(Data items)
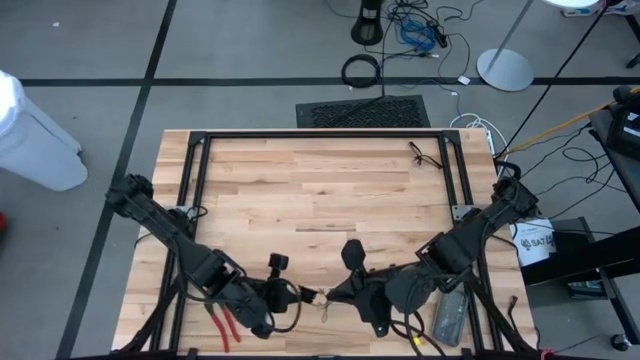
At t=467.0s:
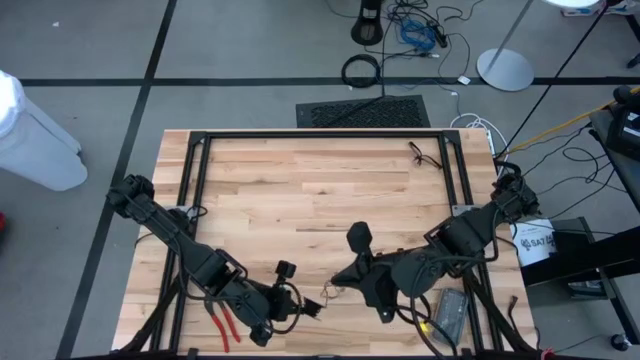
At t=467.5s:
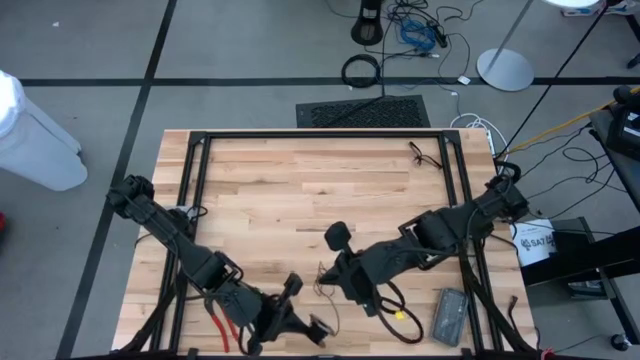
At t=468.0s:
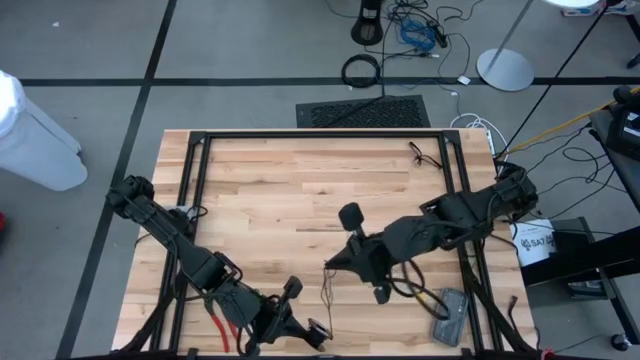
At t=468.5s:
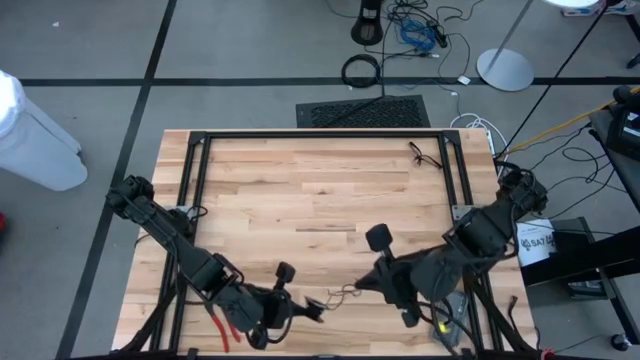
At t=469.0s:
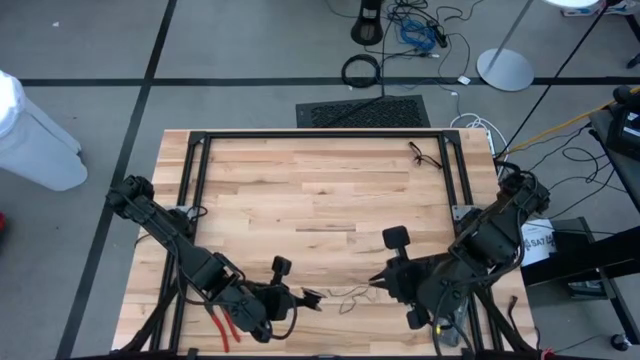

▶ **TASK REQUIREMENTS**: Your answer must be the records exactly as they stand, with no pictures in it.

▶ **RESULT OF THE EXERCISE**:
At t=467.0s:
At t=467.5s:
At t=468.0s:
At t=468.5s:
At t=469.0s:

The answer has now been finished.